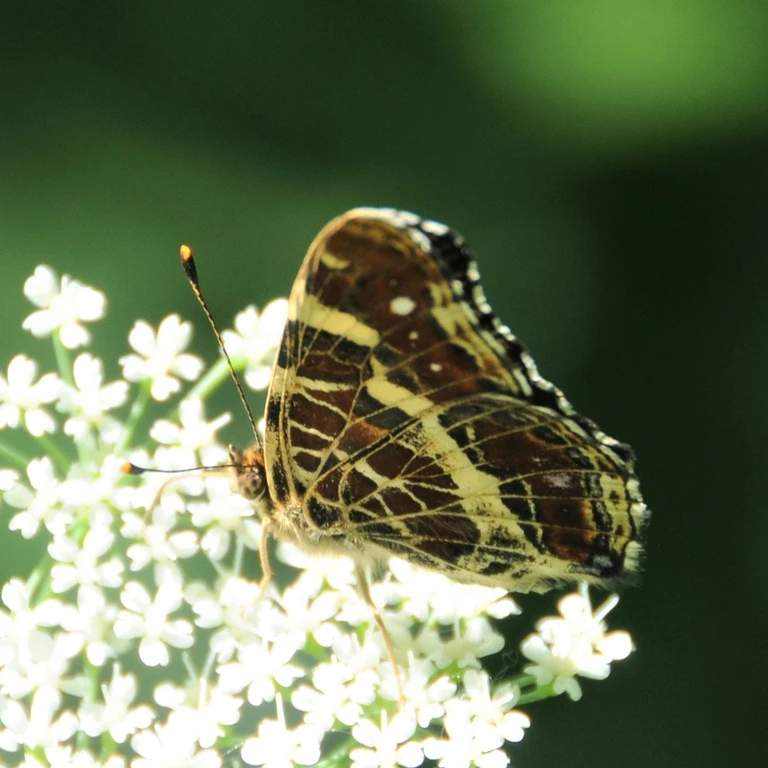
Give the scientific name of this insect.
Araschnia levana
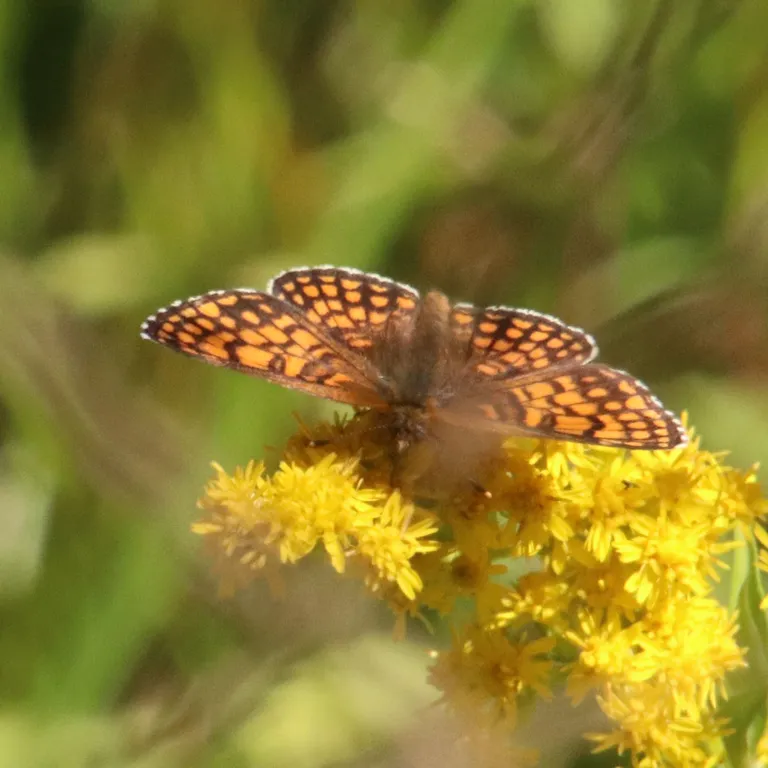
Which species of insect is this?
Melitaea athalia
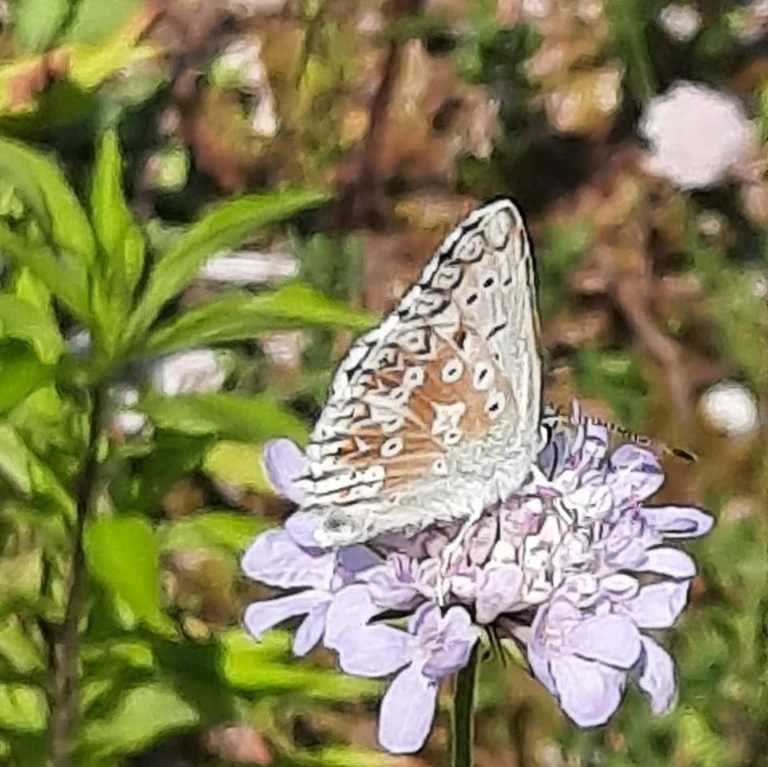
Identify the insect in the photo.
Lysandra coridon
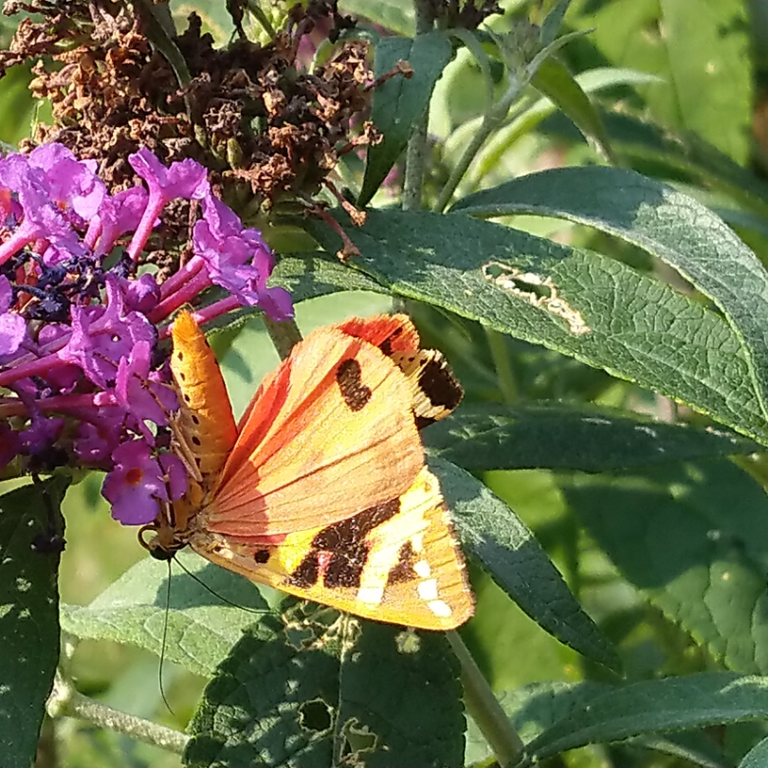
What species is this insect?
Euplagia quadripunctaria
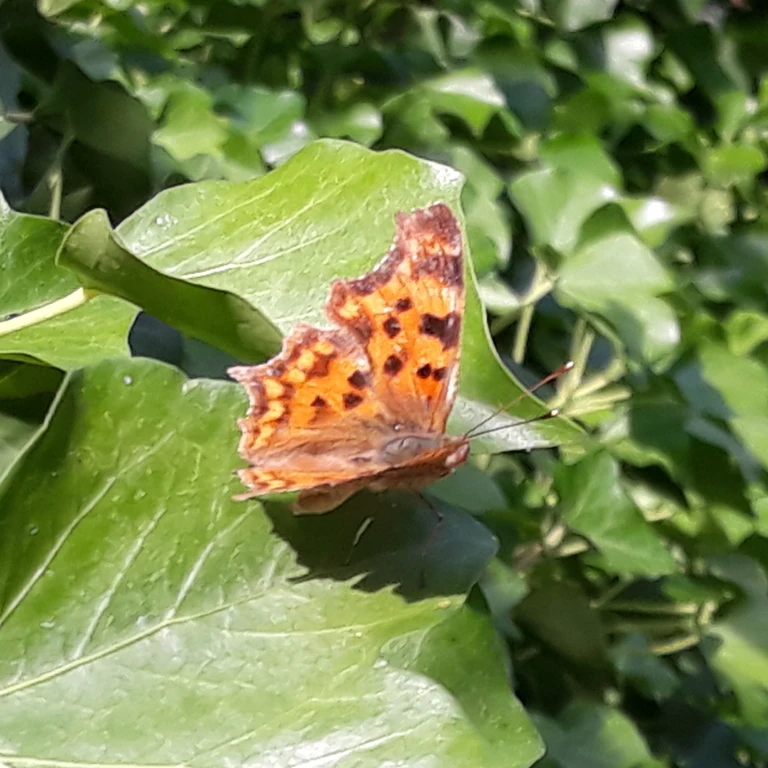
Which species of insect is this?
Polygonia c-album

----

**Task description**
If a record holds a picture, leave the picture out and print everything else exactly.

**Result**
Give the scientific name of this insect.
Araschnia levana
Which species of insect is this?
Melitaea athalia
Identify the insect in the photo.
Lysandra coridon
What species is this insect?
Euplagia quadripunctaria
Which species of insect is this?
Polygonia c-album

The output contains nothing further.